**What you should do:**
Among the entries below, please repeat exactly and only the lines from the line containing "14.571C17.399 14.571 17.143" to the line containing "20.286C25.399 20.286 25.143", both lines included.

**Information given:**
::::::::
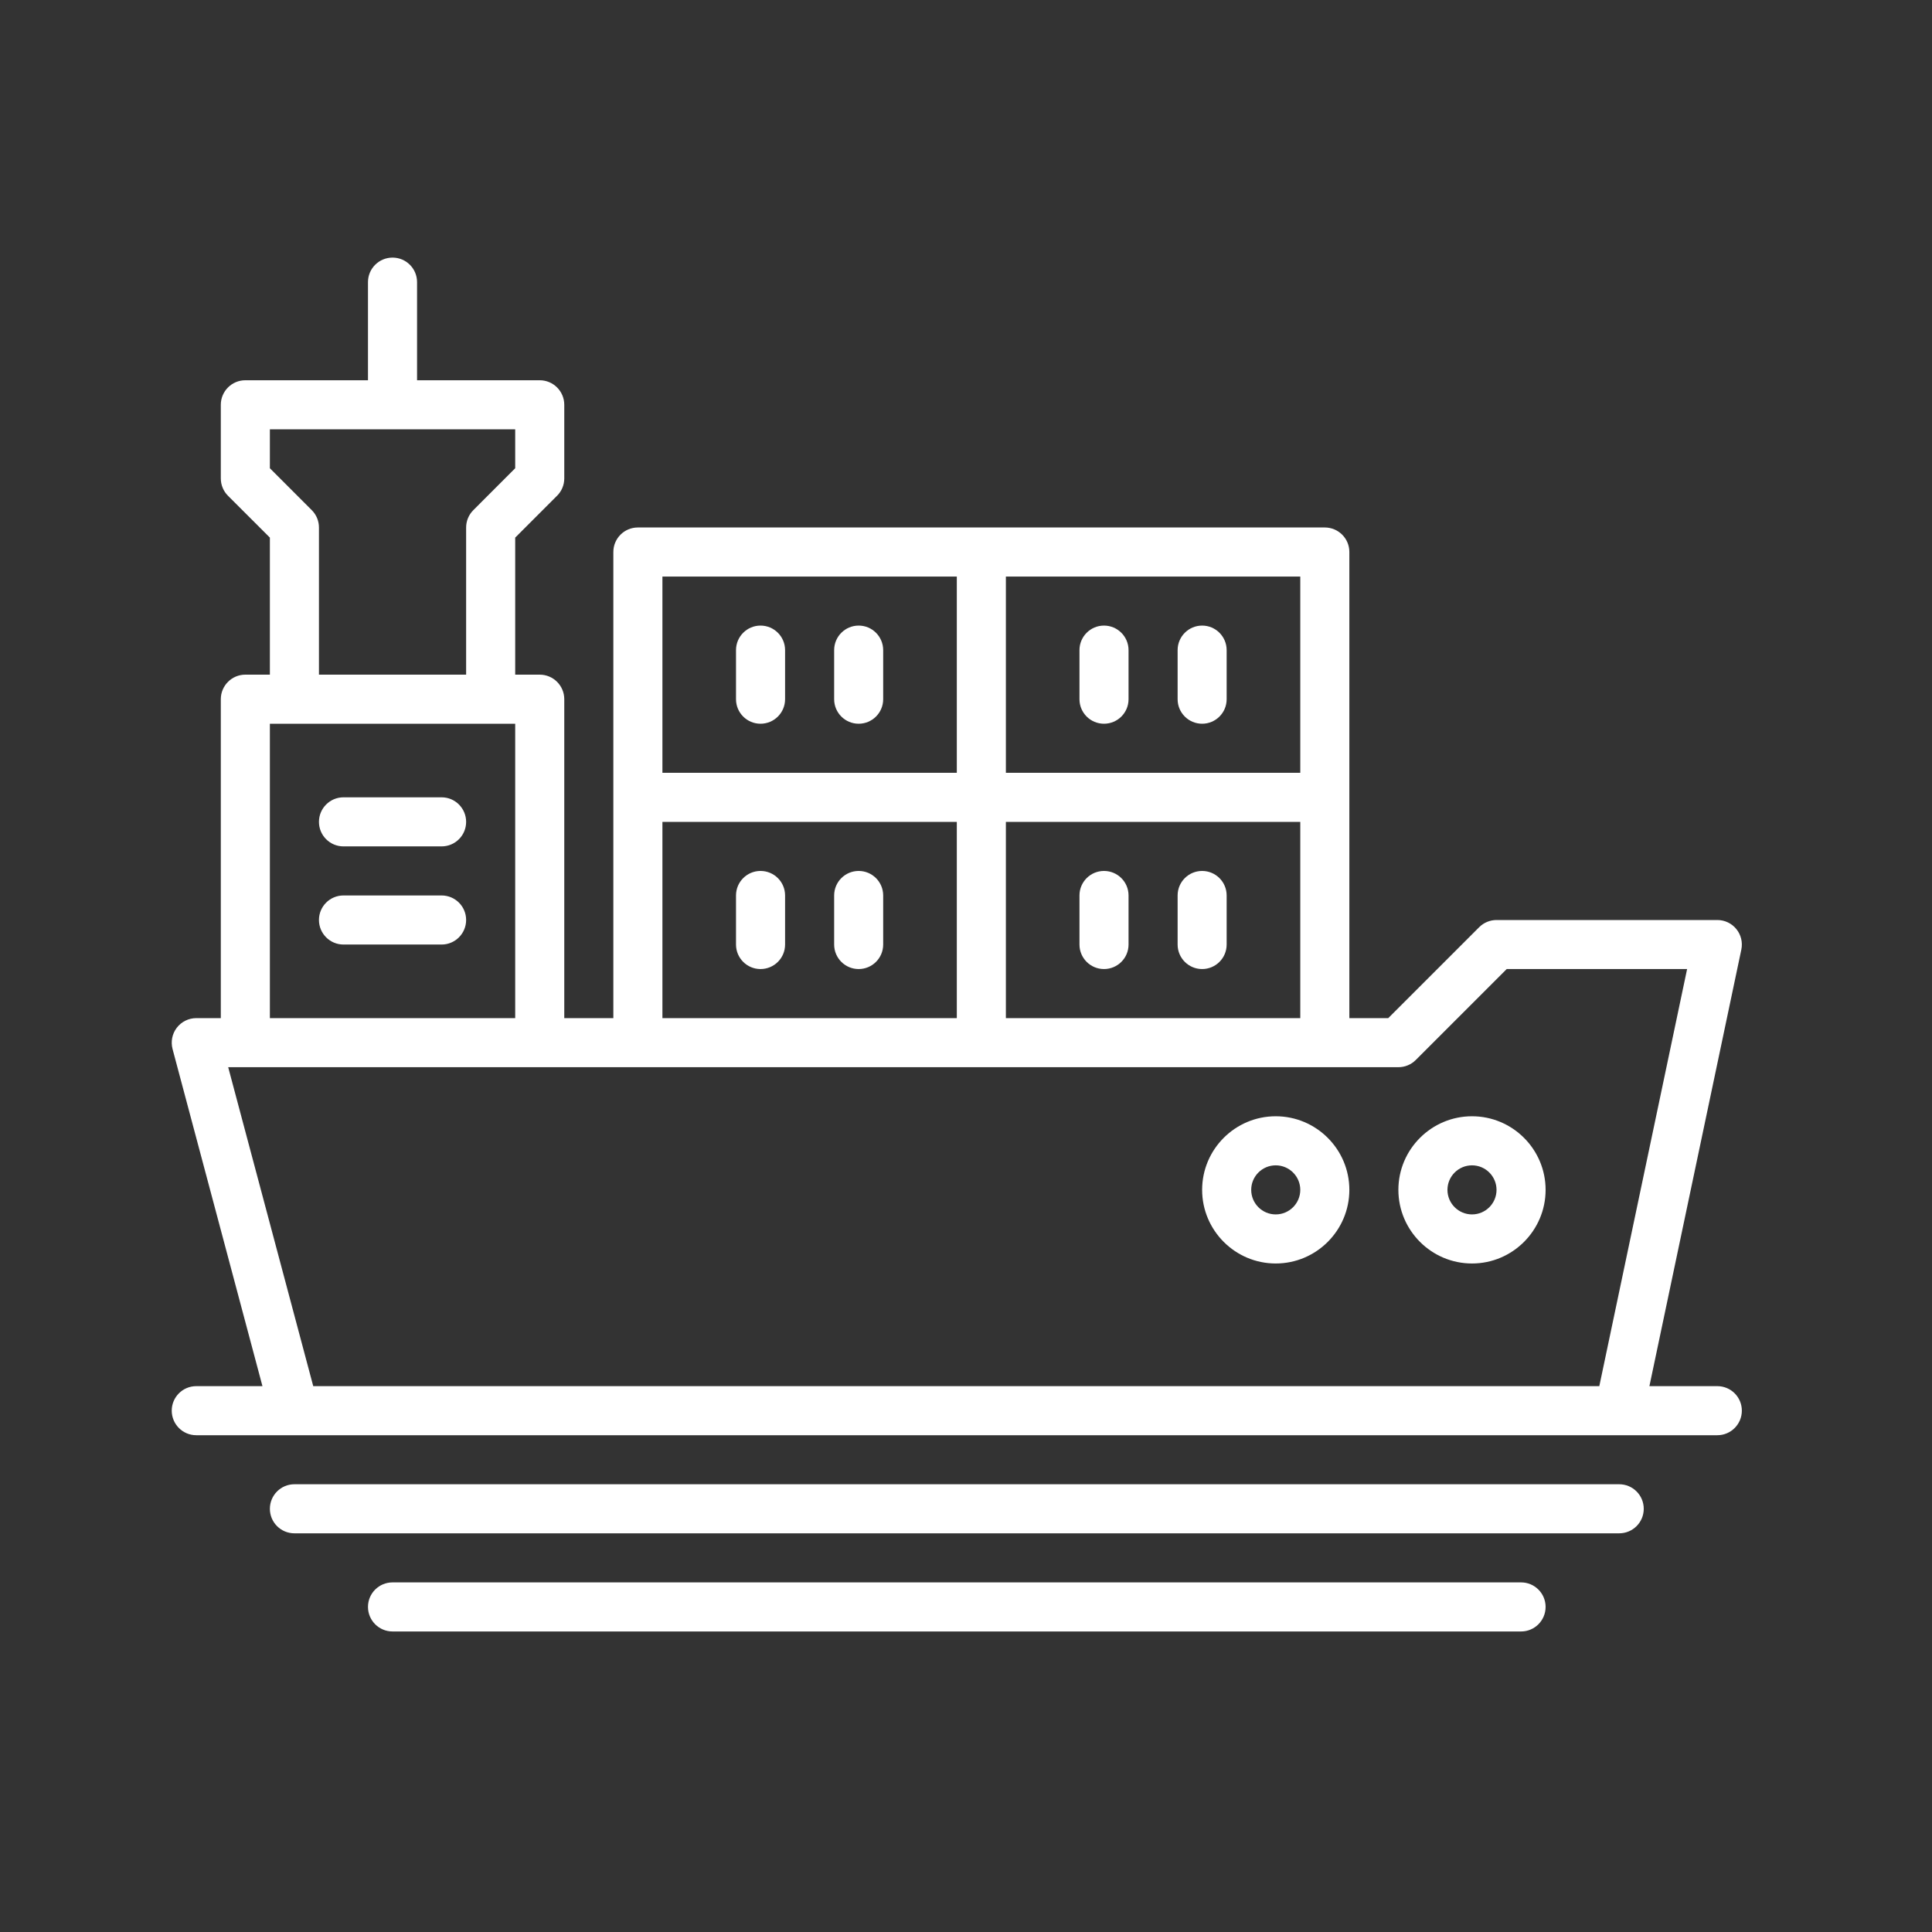 <svg width="45" height="45" viewBox="0 0 45 45" fill="none" xmlns="http://www.w3.org/2000/svg">
<rect x="0" y="0" width="45" height="45" fill="#333333" stroke="none"/>
<path d="M20 14.571C19.685 14.571 19.429 14.827 19.429 15.143V16.286C19.429 16.602 19.685 16.857 20 16.857C20.315 16.857 20.571 16.602 20.571 16.286V15.143C20.571 14.827 20.315 14.571 20 14.571Z" fill="white"/>
<path d="M17.714 14.571C17.399 14.571 17.143 14.827 17.143 15.143V16.286C17.143 16.602 17.399 16.857 17.714 16.857C18.03 16.857 18.286 16.602 18.286 16.286V15.143C18.286 14.827 18.03 14.571 17.714 14.571Z" fill="white"/>
<path d="M20 20.286C19.685 20.286 19.429 20.541 19.429 20.857V22C19.429 22.316 19.685 22.571 20 22.571C20.315 22.571 20.571 22.316 20.571 22V20.857C20.571 20.541 20.315 20.286 20 20.286Z" fill="white"/>
<path d="M17.714 20.286C17.399 20.286 17.143 20.541 17.143 20.857V22C17.143 22.316 17.399 22.571 17.714 22.571C18.03 22.571 18.286 22.316 18.286 22V20.857C18.286 20.541 18.03 20.286 17.714 20.286Z" fill="white"/>
<path d="M28 16.857C28.315 16.857 28.571 16.602 28.571 16.286V15.143C28.571 14.827 28.315 14.571 28 14.571C27.685 14.571 27.429 14.827 27.429 15.143V16.286C27.429 16.602 27.685 16.857 28 16.857Z" fill="white"/>
<path d="M25.714 16.857C26.03 16.857 26.286 16.602 26.286 16.286V15.143C26.286 14.827 26.03 14.571 25.714 14.571C25.399 14.571 25.143 14.827 25.143 15.143V16.286C25.143 16.602 25.399 16.857 25.714 16.857Z" fill="white"/>
<path d="M28 20.286C27.685 20.286 27.429 20.541 27.429 20.857V22C27.429 22.316 27.685 22.571 28 22.571C28.315 22.571 28.571 22.316 28.571 22V20.857C28.571 20.541 28.315 20.286 28 20.286Z" fill="white"/>
<path d="M25.714 20.286C25.399 20.286 25.143 20.541 25.143 20.857V22C25.143 22.316 25.399 22.571 25.714 22.571C26.03 22.571 26.286 22.316 26.286 22V20.857C26.286 20.541 26.03 20.286 25.714 20.286Z" fill="white"/>
<path d="M40 32.286H38.418L40.559 22.118C40.594 21.949 40.552 21.773 40.443 21.64C40.335 21.506 40.172 21.429 40 21.429H34.857C34.706 21.429 34.56 21.489 34.453 21.596L32.335 23.714H31.429V18.571V12.857C31.429 12.541 31.173 12.286 30.857 12.286H22.857H14.857C14.542 12.286 14.286 12.541 14.286 12.857V18.571V23.714H13.143V16.286C13.143 15.97 12.887 15.714 12.571 15.714H12V12.522L12.975 11.547C13.083 11.44 13.143 11.295 13.143 11.143V9.429C13.143 9.113 12.887 8.857 12.571 8.857H9.714V6.571C9.714 6.255 9.458 6 9.143 6C8.827 6 8.571 6.255 8.571 6.571V8.857H5.714C5.399 8.857 5.143 9.113 5.143 9.429V11.143C5.143 11.295 5.203 11.44 5.31 11.547L6.286 12.522V15.714H5.714C5.399 15.714 5.143 15.97 5.143 16.286V23.714H4.571C4.394 23.714 4.226 23.797 4.118 23.938C4.01 24.078 3.974 24.261 4.019 24.433L6.113 32.286H4.571C4.256 32.286 4 32.541 4 32.857C4 33.173 4.256 33.429 4.571 33.429H40C40.315 33.429 40.571 33.173 40.571 32.857C40.571 32.541 40.315 32.286 40 32.286ZM23.429 23.714V19.143H30.286V23.714H23.429ZM30.286 18H23.429V13.429H30.286V18ZM15.429 13.429H22.286V18H15.429V13.429ZM15.429 19.143H22.286V23.714H15.429V19.143ZM7.261 11.882L6.286 10.906V10H12V10.906L11.025 11.882C10.918 11.989 10.857 12.134 10.857 12.286V15.714H7.429V12.286C7.429 12.134 7.369 11.989 7.261 11.882ZM6.286 16.857H12V23.714H6.286V16.857ZM7.296 32.286L5.315 24.857H32.571C32.723 24.857 32.868 24.797 32.975 24.69L35.094 22.571H39.296L37.251 32.286H7.296Z" fill="white"/>
<path d="M37.714 34.571H6.857C6.542 34.571 6.286 34.827 6.286 35.143C6.286 35.459 6.542 35.714 6.857 35.714H37.714C38.03 35.714 38.286 35.459 38.286 35.143C38.286 34.827 38.03 34.571 37.714 34.571Z" fill="white"/>
<path d="M35.429 36.857H9.143C8.827 36.857 8.571 37.112 8.571 37.428C8.571 37.744 8.827 38 9.143 38H35.429C35.744 38 36 37.744 36 37.428C36 37.112 35.744 36.857 35.429 36.857Z" fill="white"/>
<path d="M10.286 18.571H8C7.685 18.571 7.429 18.827 7.429 19.143C7.429 19.459 7.685 19.714 8 19.714H10.286C10.601 19.714 10.857 19.459 10.857 19.143C10.857 18.827 10.601 18.571 10.286 18.571Z" fill="white"/>
<path d="M10.286 20.857H8C7.685 20.857 7.429 21.112 7.429 21.428C7.429 21.744 7.685 22 8 22H10.286C10.601 22 10.857 21.744 10.857 21.428C10.857 21.112 10.601 20.857 10.286 20.857Z" fill="white"/>
<path d="M34.286 26C33.341 26 32.571 26.769 32.571 27.714C32.571 28.659 33.341 29.429 34.286 29.429C35.231 29.429 36 28.659 36 27.714C36 26.769 35.231 26 34.286 26ZM34.286 28.286C33.971 28.286 33.714 28.03 33.714 27.714C33.714 27.399 33.971 27.143 34.286 27.143C34.601 27.143 34.857 27.399 34.857 27.714C34.857 28.03 34.601 28.286 34.286 28.286Z" fill="white"/>
<path d="M29.714 26C28.769 26 28 26.769 28 27.714C28 28.659 28.769 29.429 29.714 29.429C30.659 29.429 31.429 28.659 31.429 27.714C31.429 26.769 30.659 26 29.714 26ZM29.714 28.286C29.399 28.286 29.143 28.03 29.143 27.714C29.143 27.399 29.399 27.143 29.714 27.143C30.029 27.143 30.286 27.399 30.286 27.714C30.286 28.03 30.029 28.286 29.714 28.286Z" fill="white"/>
</svg>
::::::::
**Result below:**
<path d="M17.714 14.571C17.399 14.571 17.143 14.827 17.143 15.143V16.286C17.143 16.602 17.399 16.857 17.714 16.857C18.03 16.857 18.286 16.602 18.286 16.286V15.143C18.286 14.827 18.03 14.571 17.714 14.571Z" fill="white"/>
<path d="M20 20.286C19.685 20.286 19.429 20.541 19.429 20.857V22C19.429 22.316 19.685 22.571 20 22.571C20.315 22.571 20.571 22.316 20.571 22V20.857C20.571 20.541 20.315 20.286 20 20.286Z" fill="white"/>
<path d="M17.714 20.286C17.399 20.286 17.143 20.541 17.143 20.857V22C17.143 22.316 17.399 22.571 17.714 22.571C18.03 22.571 18.286 22.316 18.286 22V20.857C18.286 20.541 18.03 20.286 17.714 20.286Z" fill="white"/>
<path d="M28 16.857C28.315 16.857 28.571 16.602 28.571 16.286V15.143C28.571 14.827 28.315 14.571 28 14.571C27.685 14.571 27.429 14.827 27.429 15.143V16.286C27.429 16.602 27.685 16.857 28 16.857Z" fill="white"/>
<path d="M25.714 16.857C26.03 16.857 26.286 16.602 26.286 16.286V15.143C26.286 14.827 26.03 14.571 25.714 14.571C25.399 14.571 25.143 14.827 25.143 15.143V16.286C25.143 16.602 25.399 16.857 25.714 16.857Z" fill="white"/>
<path d="M28 20.286C27.685 20.286 27.429 20.541 27.429 20.857V22C27.429 22.316 27.685 22.571 28 22.571C28.315 22.571 28.571 22.316 28.571 22V20.857C28.571 20.541 28.315 20.286 28 20.286Z" fill="white"/>
<path d="M25.714 20.286C25.399 20.286 25.143 20.541 25.143 20.857V22C25.143 22.316 25.399 22.571 25.714 22.571C26.03 22.571 26.286 22.316 26.286 22V20.857C26.286 20.541 26.03 20.286 25.714 20.286Z" fill="white"/>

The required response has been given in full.